### SOURCE DATA
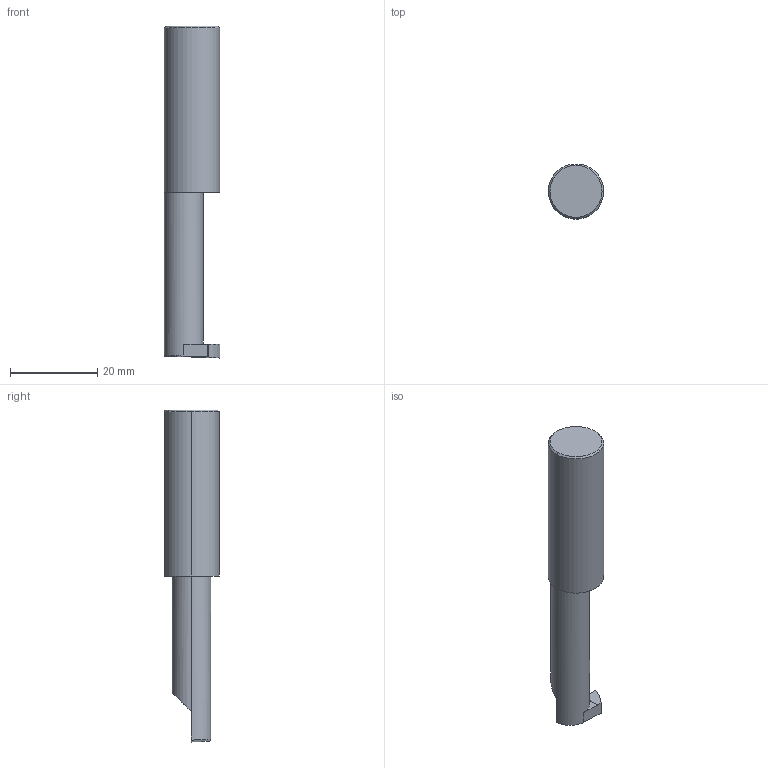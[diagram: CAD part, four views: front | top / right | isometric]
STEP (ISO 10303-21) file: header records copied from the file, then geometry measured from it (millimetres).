
FILE_DESCRIPTION (( 'STEP AP214' ), '1' );
FILE_NAME ('Micro_RRL-125-24X.STEP', '2021-09-07T23:42:13', ( '' ), ( '' ), 'SwSTEP 2.0', 'SolidWorks 2020', '' );
FILE_SCHEMA (( 'AUTOMOTIVE_DESIGN' ));
Length unit declared in the file: inch
Products named in the file (1): Micro_RRL-125-24X
Bounding box: 12.7 x 12.45 x 76.2 mm (x, y, z)
Volume: 6925.9 mm3; surface area: 2811.4 mm2
Topology: 1 solids, 1 shells, 20 faces, 47 edges, 29 vertices
Faces by surface type: plane 11, cylinder 7, cone 2
Entity records: 616 total; most frequent: CARTESIAN_POINT 124, DIRECTION 95, ORIENTED_EDGE 94, EDGE_CURVE 47, AXIS2_PLACEMENT_3D 34, VERTEX_POINT 29, VECTOR 27, LINE 27

### YOUR TASK
Reproduce every line of the material precisely, omitting its pictures.

### TASK ANSWER
[diagram: CAD part, four views: front | top / right | isometric]
STEP (ISO 10303-21) file: header records copied from the file, then geometry measured from it (millimetres).
FILE_DESCRIPTION (( 'STEP AP214' ), '1' );
FILE_NAME ('Micro_RRL-125-24X.STEP', '2021-09-07T23:42:13', ( '' ), ( '' ), 'SwSTEP 2.0', 'SolidWorks 2020', '' );
FILE_SCHEMA (( 'AUTOMOTIVE_DESIGN' ));
Length unit declared in the file: inch
Products named in the file (1): Micro_RRL-125-24X
Bounding box: 12.7 x 12.45 x 76.2 mm (x, y, z)
Volume: 6925.9 mm3; surface area: 2811.4 mm2
Topology: 1 solids, 1 shells, 20 faces, 47 edges, 29 vertices
Faces by surface type: plane 11, cylinder 7, cone 2
Entity records: 616 total; most frequent: CARTESIAN_POINT 124, DIRECTION 95, ORIENTED_EDGE 94, EDGE_CURVE 47, AXIS2_PLACEMENT_3D 34, VERTEX_POINT 29, VECTOR 27, LINE 27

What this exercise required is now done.